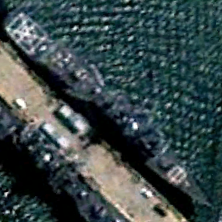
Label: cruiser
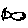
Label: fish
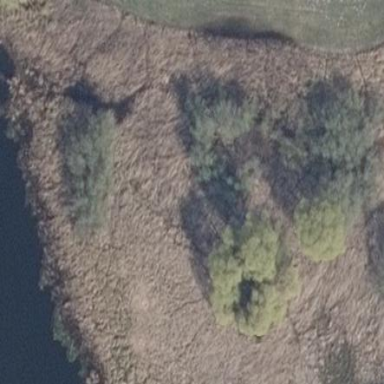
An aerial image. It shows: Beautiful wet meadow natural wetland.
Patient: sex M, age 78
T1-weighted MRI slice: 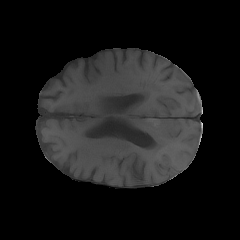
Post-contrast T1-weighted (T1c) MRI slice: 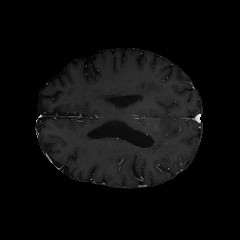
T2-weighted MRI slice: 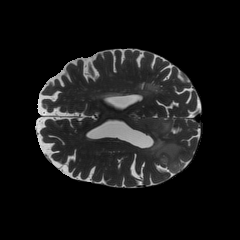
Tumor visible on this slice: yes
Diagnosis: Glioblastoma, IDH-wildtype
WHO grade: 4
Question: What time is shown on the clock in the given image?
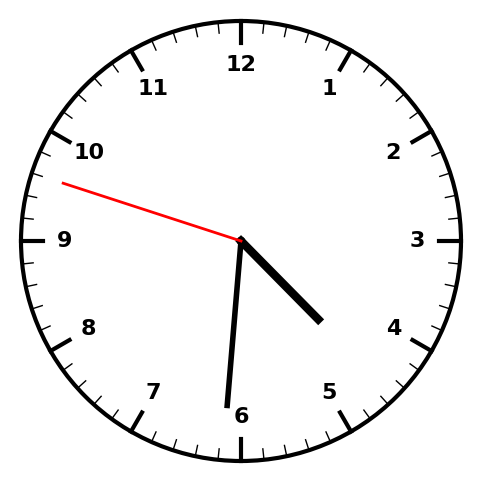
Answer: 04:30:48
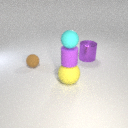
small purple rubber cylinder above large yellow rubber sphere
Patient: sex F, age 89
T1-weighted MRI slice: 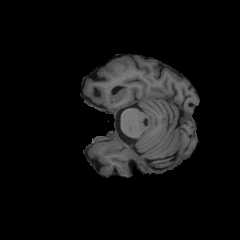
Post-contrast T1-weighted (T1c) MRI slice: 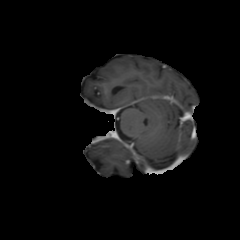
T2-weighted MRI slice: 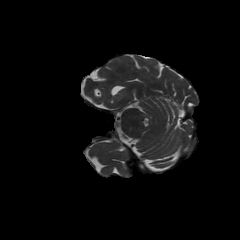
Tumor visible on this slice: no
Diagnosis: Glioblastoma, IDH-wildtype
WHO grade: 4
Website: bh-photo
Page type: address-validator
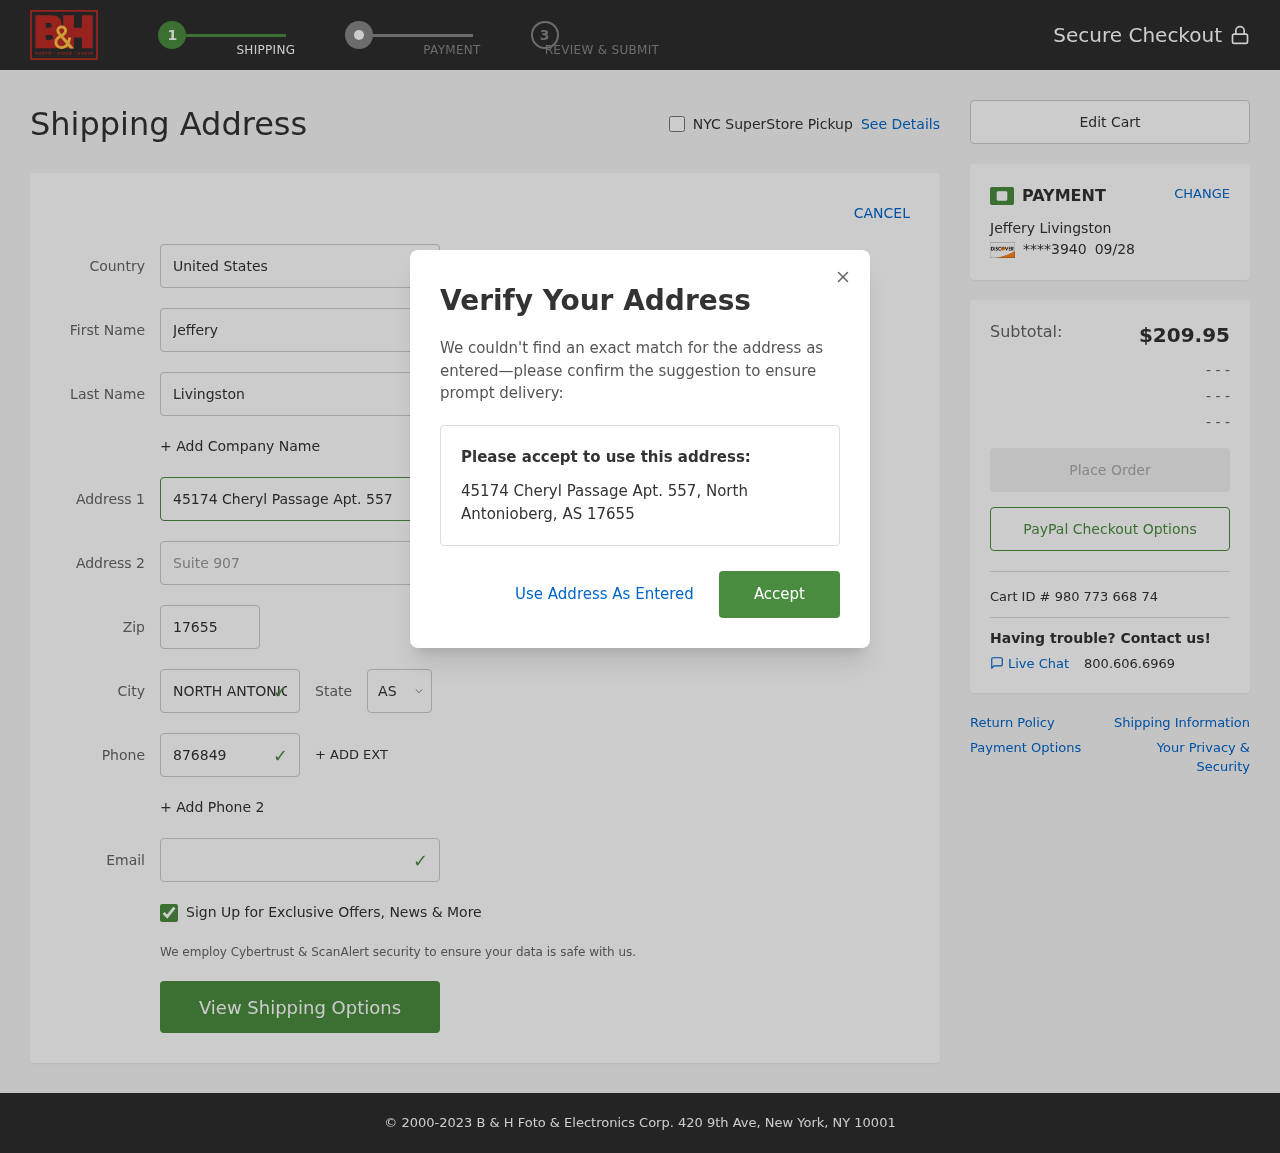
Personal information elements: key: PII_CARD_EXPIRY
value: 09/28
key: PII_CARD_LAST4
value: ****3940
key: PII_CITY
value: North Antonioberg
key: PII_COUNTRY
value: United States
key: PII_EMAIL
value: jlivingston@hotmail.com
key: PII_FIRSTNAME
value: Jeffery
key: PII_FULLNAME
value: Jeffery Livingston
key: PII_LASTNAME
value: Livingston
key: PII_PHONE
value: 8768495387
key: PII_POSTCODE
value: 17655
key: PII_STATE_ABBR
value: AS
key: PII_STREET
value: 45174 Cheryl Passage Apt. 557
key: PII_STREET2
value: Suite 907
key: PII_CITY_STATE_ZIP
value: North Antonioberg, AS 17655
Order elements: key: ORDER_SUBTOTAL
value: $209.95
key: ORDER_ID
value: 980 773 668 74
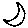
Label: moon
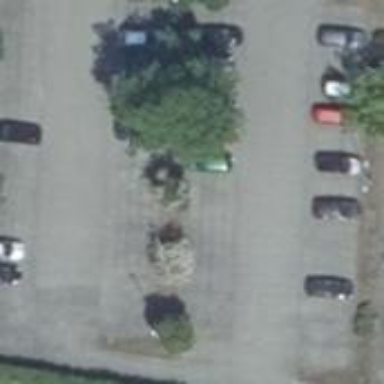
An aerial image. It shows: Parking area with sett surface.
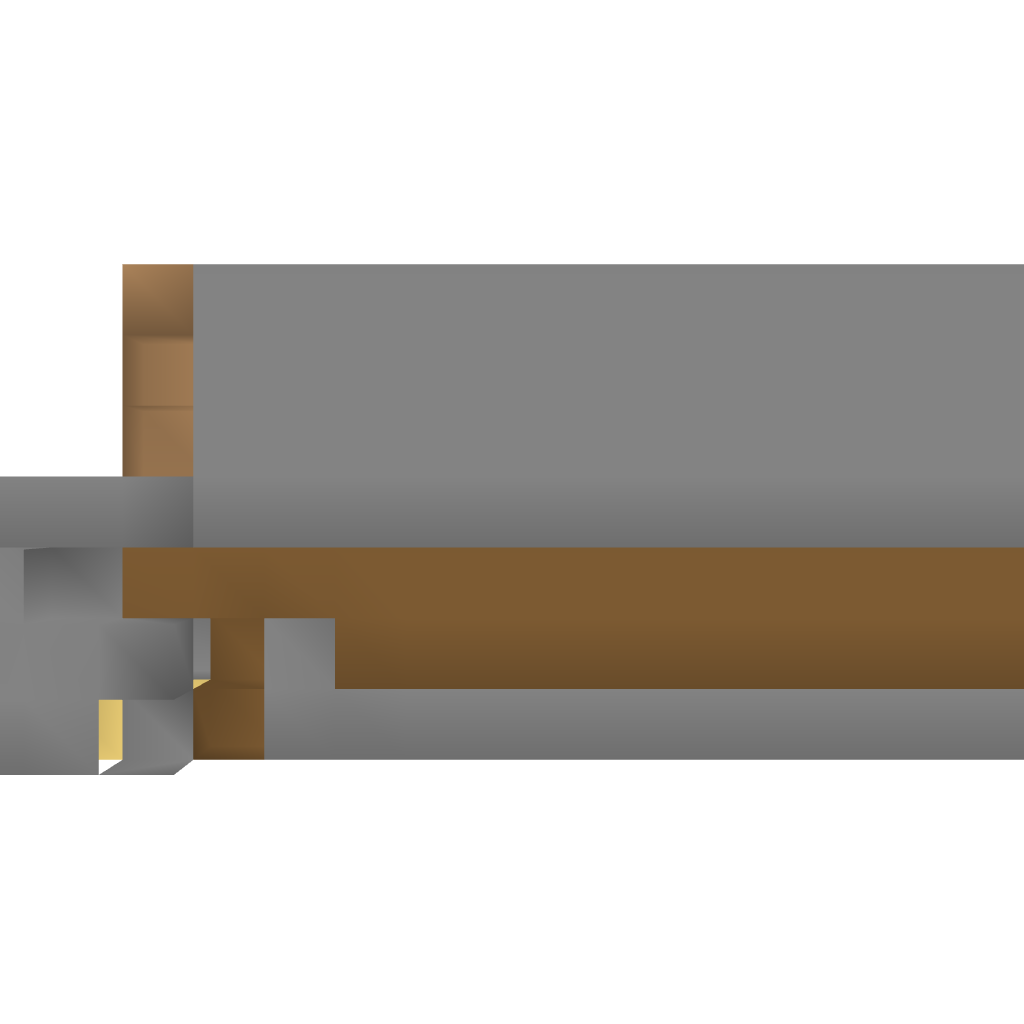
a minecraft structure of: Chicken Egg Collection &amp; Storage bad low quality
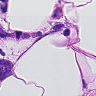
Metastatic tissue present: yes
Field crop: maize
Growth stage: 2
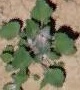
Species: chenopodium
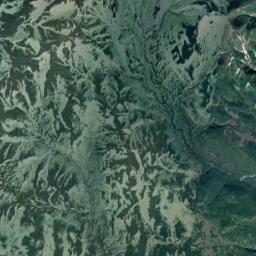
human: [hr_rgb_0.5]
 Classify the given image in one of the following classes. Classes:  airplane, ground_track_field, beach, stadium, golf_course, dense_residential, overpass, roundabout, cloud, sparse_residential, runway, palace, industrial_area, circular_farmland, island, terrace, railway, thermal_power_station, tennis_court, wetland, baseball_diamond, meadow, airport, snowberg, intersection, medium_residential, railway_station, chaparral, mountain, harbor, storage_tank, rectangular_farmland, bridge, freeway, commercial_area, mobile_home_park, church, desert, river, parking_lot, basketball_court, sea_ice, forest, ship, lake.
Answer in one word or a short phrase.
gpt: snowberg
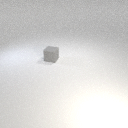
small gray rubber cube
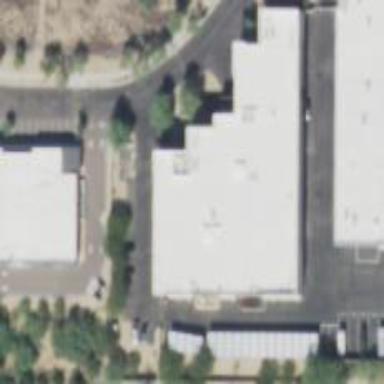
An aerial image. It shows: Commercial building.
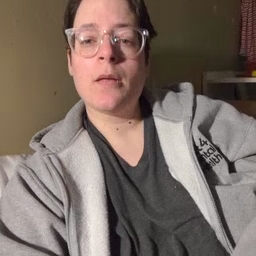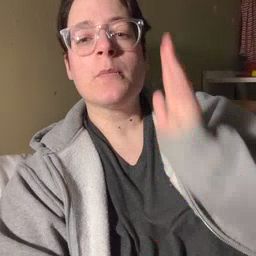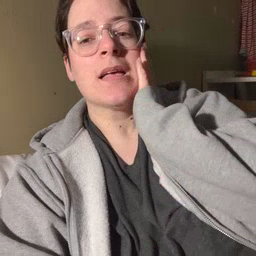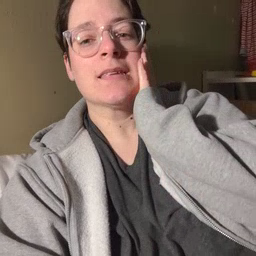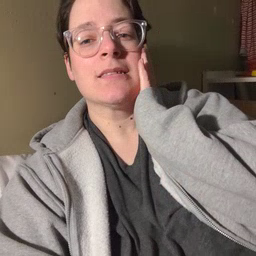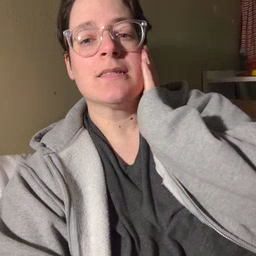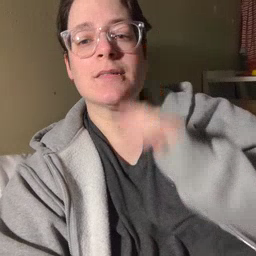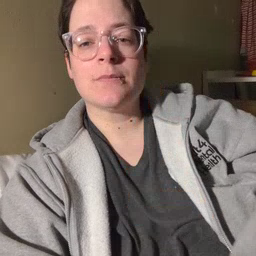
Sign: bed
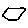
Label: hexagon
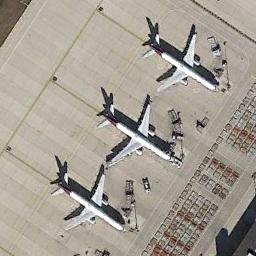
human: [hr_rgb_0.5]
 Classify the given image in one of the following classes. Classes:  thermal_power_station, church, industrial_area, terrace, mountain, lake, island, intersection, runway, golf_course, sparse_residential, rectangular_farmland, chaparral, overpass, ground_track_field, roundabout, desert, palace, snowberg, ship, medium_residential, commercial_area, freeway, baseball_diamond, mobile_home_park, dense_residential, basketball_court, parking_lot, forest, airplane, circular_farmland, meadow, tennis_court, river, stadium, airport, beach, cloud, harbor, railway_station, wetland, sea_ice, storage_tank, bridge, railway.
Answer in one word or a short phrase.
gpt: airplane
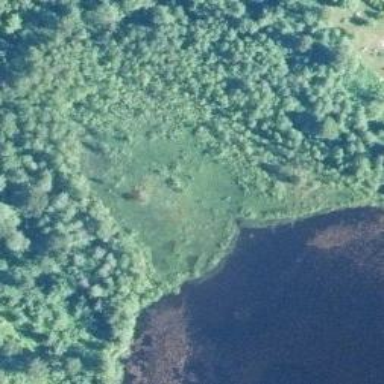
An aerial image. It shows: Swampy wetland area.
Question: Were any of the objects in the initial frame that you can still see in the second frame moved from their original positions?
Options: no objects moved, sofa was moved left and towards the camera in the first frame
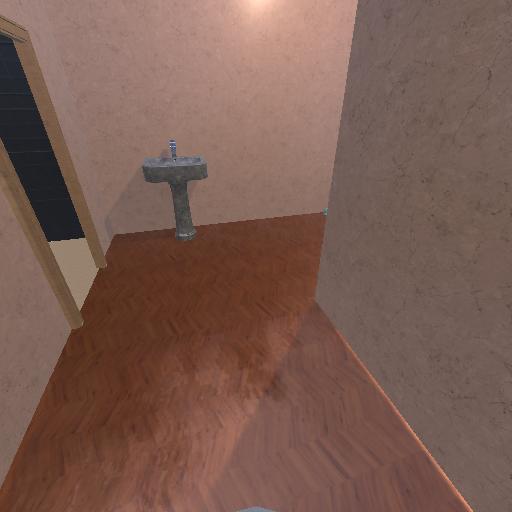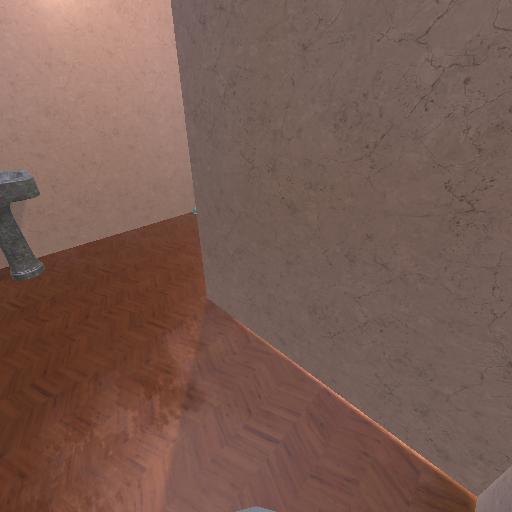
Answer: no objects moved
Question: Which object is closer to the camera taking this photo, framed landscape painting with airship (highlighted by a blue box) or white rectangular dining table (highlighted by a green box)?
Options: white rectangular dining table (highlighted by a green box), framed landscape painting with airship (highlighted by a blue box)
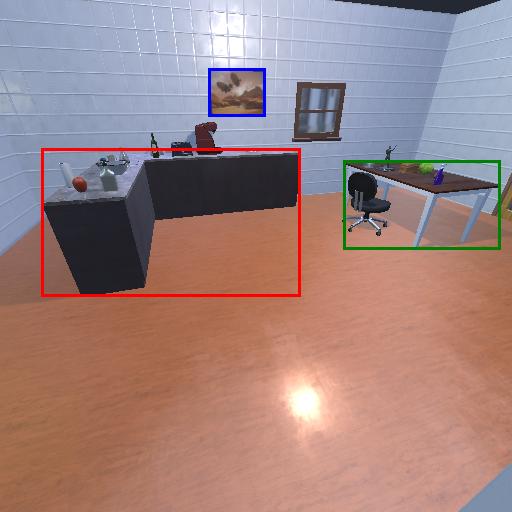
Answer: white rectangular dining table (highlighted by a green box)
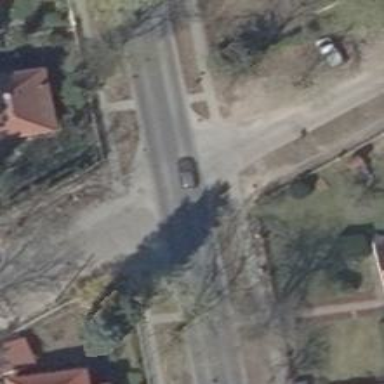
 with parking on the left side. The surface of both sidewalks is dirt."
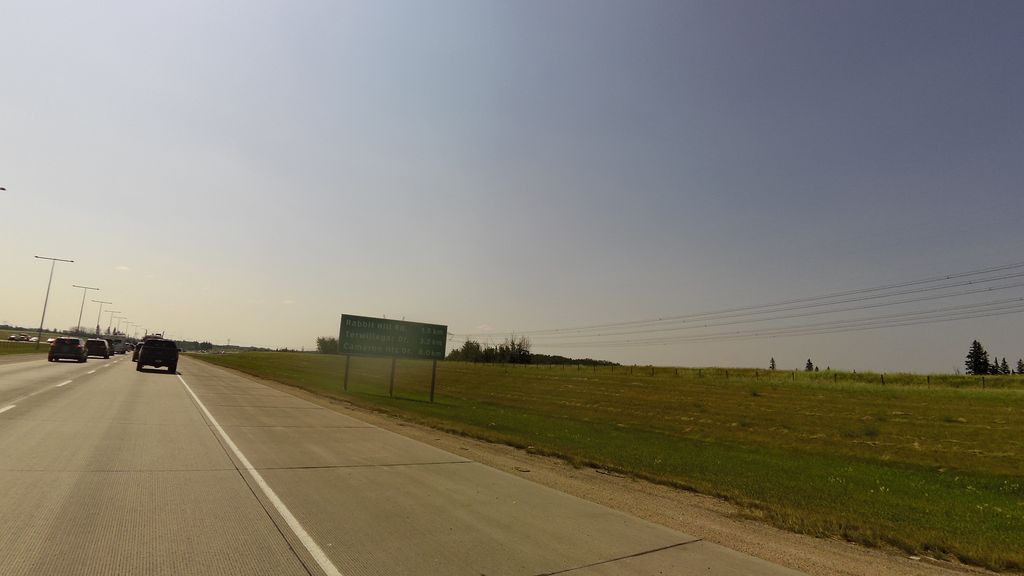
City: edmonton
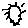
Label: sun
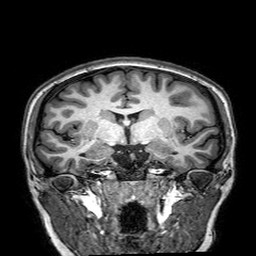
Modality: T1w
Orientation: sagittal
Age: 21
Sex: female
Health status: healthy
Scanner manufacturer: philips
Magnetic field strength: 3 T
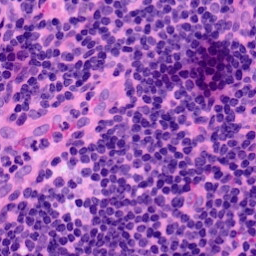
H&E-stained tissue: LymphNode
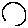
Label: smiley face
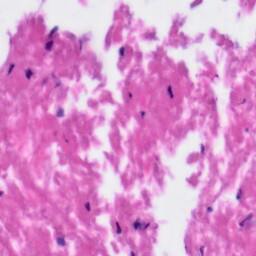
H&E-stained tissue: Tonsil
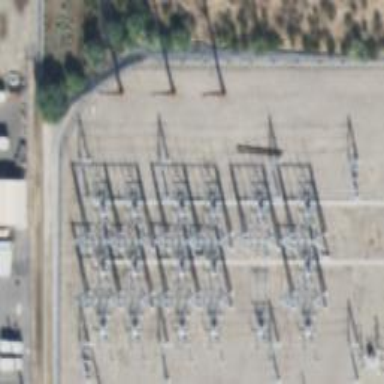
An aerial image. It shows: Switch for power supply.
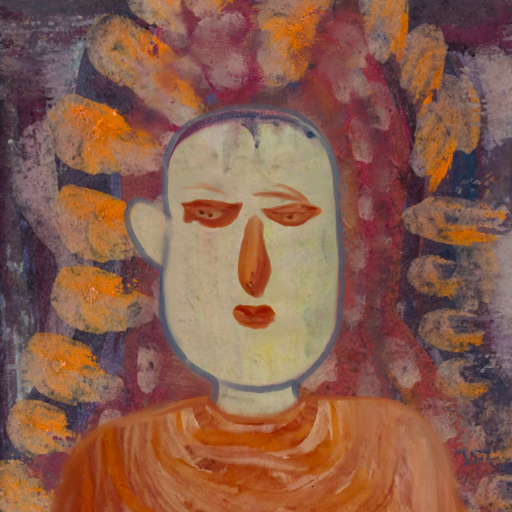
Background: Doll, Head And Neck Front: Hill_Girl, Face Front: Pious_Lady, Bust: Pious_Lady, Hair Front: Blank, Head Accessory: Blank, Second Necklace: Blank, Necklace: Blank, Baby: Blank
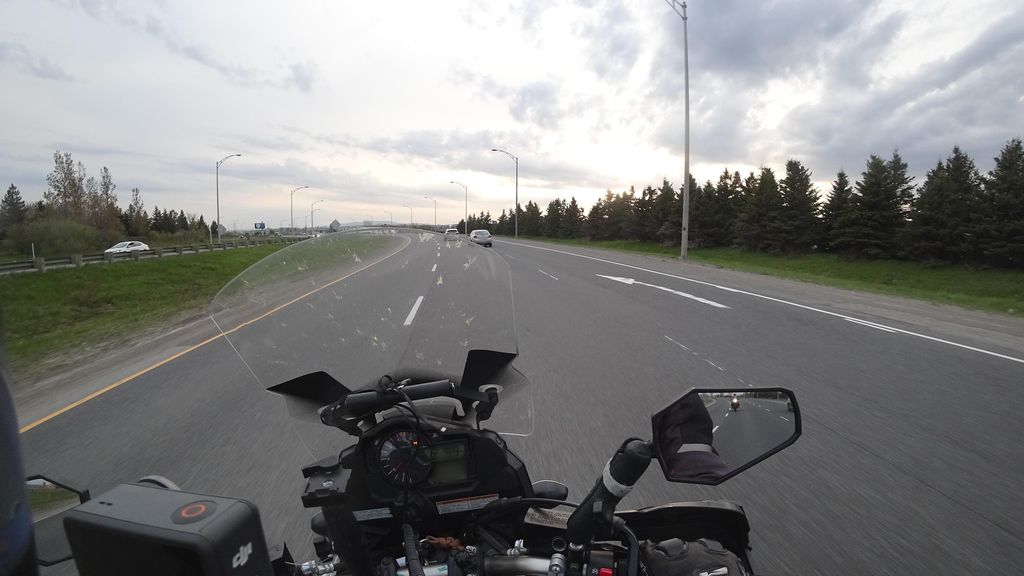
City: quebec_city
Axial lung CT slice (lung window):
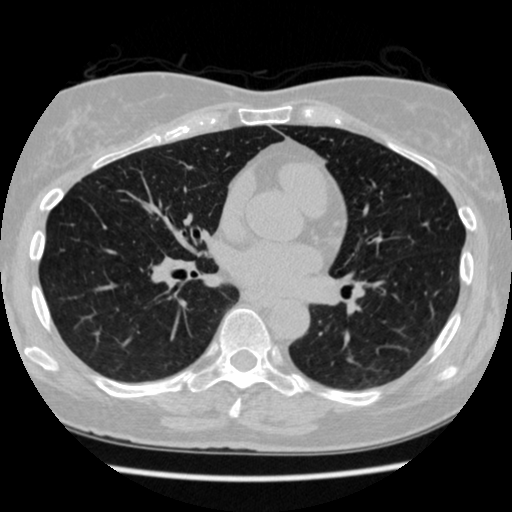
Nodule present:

==================================================

Exact repetition is the task: every line from the start of the data to the line with "Question: What time", inclusive, and none after it, pictures omitted.

Label: cruiser
Label: fish
An aerial image. It shows: Beautiful wet meadow natural wetland.
Patient: sex M, age 78
T1-weighted MRI slice: 
Post-contrast T1-weighted (T1c) MRI slice: 
T2-weighted MRI slice: 
Tumor visible on this slice: yes
Diagnosis: Glioblastoma, IDH-wildtype
WHO grade: 4
Question: What time is shown on the clock in the given image?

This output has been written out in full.